The People did not bolster the victim's identification of defendant through questions posed to the officer who conducted the showup procedure. In response to the victim's testimony that called that procedure into question, the People asked the officer about the procedure utilized, but did not elicit testimony on direct examination about the victim's identification of defendant. This was not improper bolstering (compare People v Trowbridge, 305 NY 471, 474-478 [1953]; People v Jones, 75 AD2d 607, 607 [1980]; see generally People v Smith, 22 NY3d 462, 466 [2013]).

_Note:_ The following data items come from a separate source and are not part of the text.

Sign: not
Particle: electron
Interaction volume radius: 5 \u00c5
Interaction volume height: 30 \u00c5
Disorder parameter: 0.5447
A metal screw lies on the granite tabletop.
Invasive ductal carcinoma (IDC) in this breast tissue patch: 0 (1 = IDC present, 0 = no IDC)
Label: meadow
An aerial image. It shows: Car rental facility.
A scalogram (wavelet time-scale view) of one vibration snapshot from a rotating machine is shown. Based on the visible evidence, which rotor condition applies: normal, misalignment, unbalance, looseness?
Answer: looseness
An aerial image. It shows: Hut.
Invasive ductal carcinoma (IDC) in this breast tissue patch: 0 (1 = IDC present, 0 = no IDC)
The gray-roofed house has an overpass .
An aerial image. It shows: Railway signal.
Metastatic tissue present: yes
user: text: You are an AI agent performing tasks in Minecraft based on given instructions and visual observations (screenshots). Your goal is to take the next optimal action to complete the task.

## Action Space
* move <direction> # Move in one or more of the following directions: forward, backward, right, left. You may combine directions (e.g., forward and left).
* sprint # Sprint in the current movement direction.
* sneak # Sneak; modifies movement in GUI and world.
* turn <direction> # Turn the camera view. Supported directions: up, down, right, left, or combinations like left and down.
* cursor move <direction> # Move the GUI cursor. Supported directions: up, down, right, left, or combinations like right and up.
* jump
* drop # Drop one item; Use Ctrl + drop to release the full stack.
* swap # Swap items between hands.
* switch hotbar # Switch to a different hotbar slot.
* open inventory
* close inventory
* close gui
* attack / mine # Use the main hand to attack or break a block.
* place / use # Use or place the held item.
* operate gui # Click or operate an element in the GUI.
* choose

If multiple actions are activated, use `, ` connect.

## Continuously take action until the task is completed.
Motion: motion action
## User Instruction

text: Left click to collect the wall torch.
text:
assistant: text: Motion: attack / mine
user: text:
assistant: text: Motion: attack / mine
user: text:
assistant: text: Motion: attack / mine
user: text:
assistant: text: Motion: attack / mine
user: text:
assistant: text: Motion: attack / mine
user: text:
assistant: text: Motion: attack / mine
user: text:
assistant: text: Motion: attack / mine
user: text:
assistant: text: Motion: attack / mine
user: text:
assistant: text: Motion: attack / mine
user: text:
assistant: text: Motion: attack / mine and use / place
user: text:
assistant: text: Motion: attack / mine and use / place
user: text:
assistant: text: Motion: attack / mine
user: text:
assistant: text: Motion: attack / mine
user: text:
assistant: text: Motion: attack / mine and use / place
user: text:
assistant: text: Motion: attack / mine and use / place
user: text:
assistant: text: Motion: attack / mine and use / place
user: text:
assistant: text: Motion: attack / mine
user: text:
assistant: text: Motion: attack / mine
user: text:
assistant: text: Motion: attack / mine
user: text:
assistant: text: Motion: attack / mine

County Court appropriately exercised its discretion when it denied defendant's post-summation request to testify. "CPL 260.30 sets forth the order in which a jury trial is to proceed, but the common-law power of the trial court to alter the order of proof in its discretion and in furtherance of justice remains at least up to the time the case is submitted to the jury" (People v Washington, 71 NY2d 916, 918 [1988] [internal quotation marks and citation omitted]; see People v Olsen, 34 NY2d 349, 353 [1974]). Although a criminal defendant has a constitutional right to testify on his or her own behalf (see People v Morgan, 149 AD3d 1148, 1152 [2017]; People v Harden, 99 AD3d 1031, 1032 [2012], lv denied 20 NY3d 986 [2012]; People v Terry, 309 AD2d 973, 974 [2003]), the court conducted a colloquy with defendant at the end of the People's case to ensure that defendant was fully aware of his right to testify and that he had freely decided not to exercise that right. Under the circumstances, where the court concluded that defendant knowingly waived his right to testify, the court did not abuse its discretion in denying [*4]his request, which was made after the proof was closed and summations had been delivered (see People v Franco, 271 AD2d 383, 383 [2000], lv denied 95 NY2d 865 [2000]; People v Braxton, 254 AD2d 365, 366 [1998], lv denied 93 NY2d 850 [1999]; compare People v Harden, 99 AD3d at 1032).
We have reviewed defendant's remaining contentions and find them to be without merit.
Garry, P.J., Clark, Rumsey and Pritzker, JJ., concur. Ordered that the judgment is affirmed.